• WHAT IS REQUIRED: Set down again each entry exactly as it reads, pictures excluded.

• SUPPLIED RECORDS:
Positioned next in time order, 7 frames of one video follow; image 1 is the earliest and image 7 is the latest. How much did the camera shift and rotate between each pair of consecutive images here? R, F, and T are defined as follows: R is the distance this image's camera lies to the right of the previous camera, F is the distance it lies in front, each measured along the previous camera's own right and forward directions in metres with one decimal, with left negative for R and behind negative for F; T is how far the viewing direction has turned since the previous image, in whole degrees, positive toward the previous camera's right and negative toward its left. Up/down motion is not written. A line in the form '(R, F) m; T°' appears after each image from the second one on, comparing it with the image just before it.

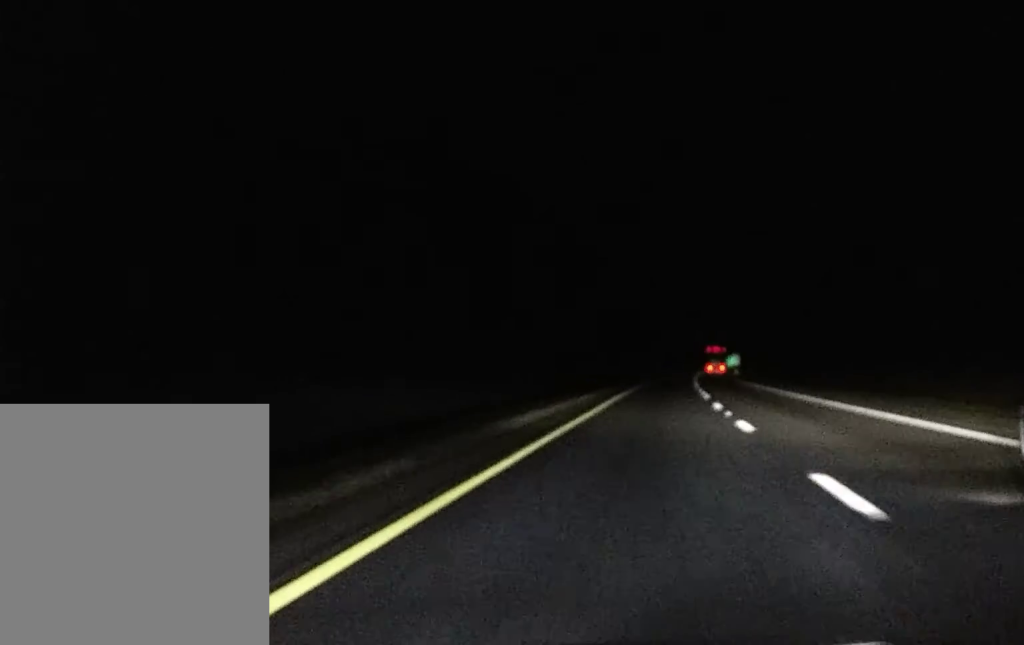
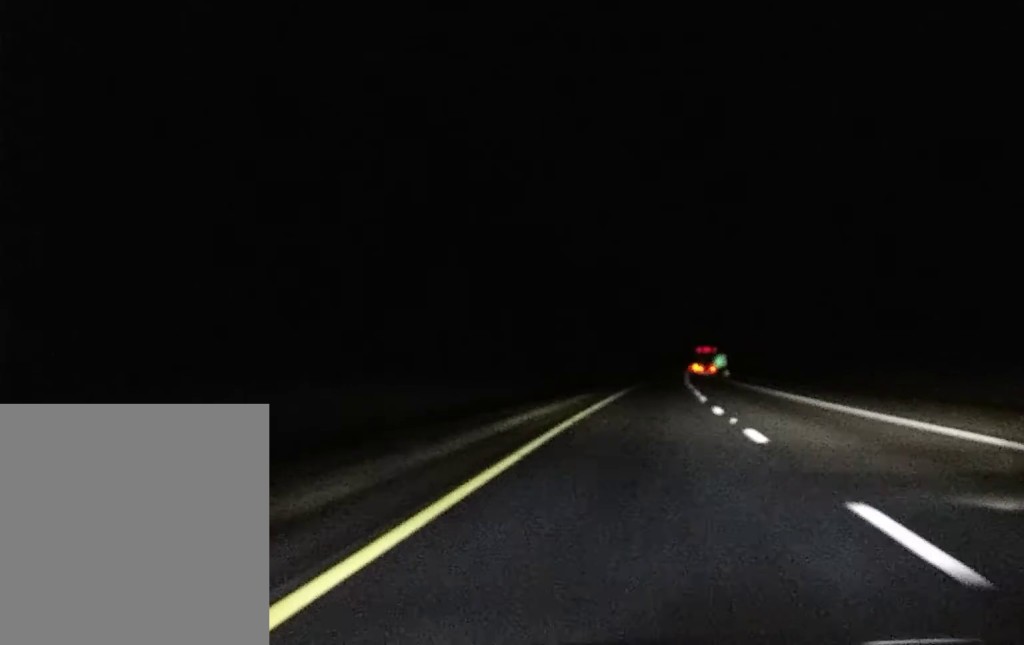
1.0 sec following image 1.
(0.0, +28.4) m; 0°
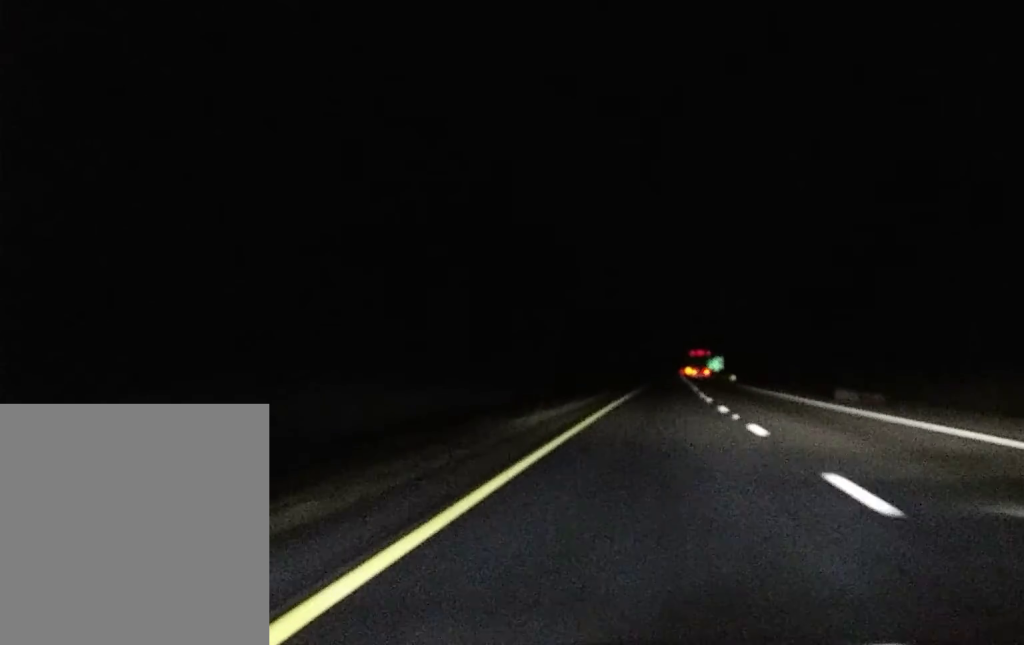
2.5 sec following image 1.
(+0.4, +44.6) m; +1°
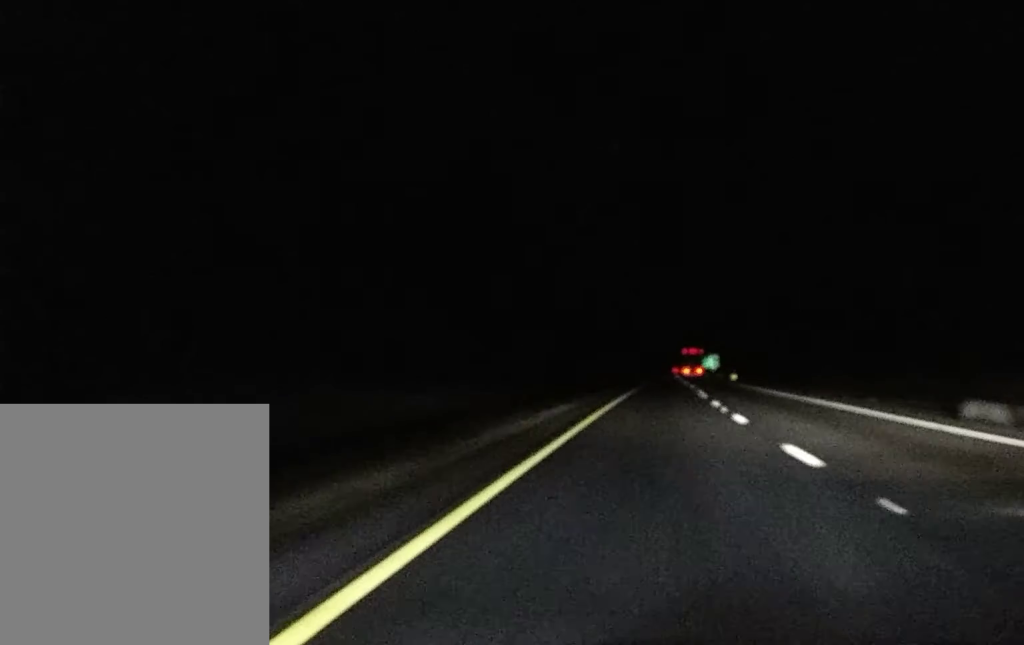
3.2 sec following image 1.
(+0.1, +18.9) m; 0°
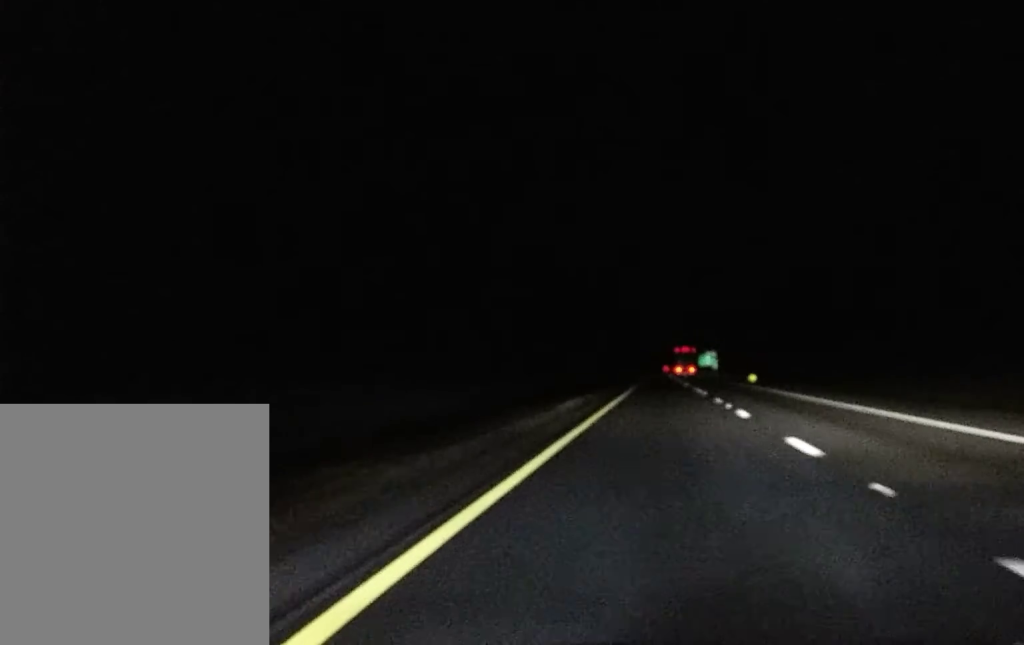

• SOLUTION TO THIS PROBLEM:
Positioned next in time order, 7 frames of one video follow; image 1 is the earliest and image 7 is the latest. How much did the camera shift and rotate between each pair of consecutive images here? R, F, and T are defined as follows: R is the distance this image's camera lies to the right of the previous camera, F is the distance it lies in front, each measured along the previous camera's own right and forward directions in metres with one decimal, with left negative for R and behind negative for F; T is how far the viewing direction has turned since the previous image, in whole degrees, positive toward the previous camera's right and negative toward its left. Up/down motion is not written. A line in the form '(R, F) m; T°' appears after each image from the second one on, comparing it with the image just before it.

1.0 sec following image 1.
(0.0, +28.4) m; 0°
2.5 sec following image 1.
(+0.4, +44.6) m; +1°
3.2 sec following image 1.
(+0.1, +18.9) m; 0°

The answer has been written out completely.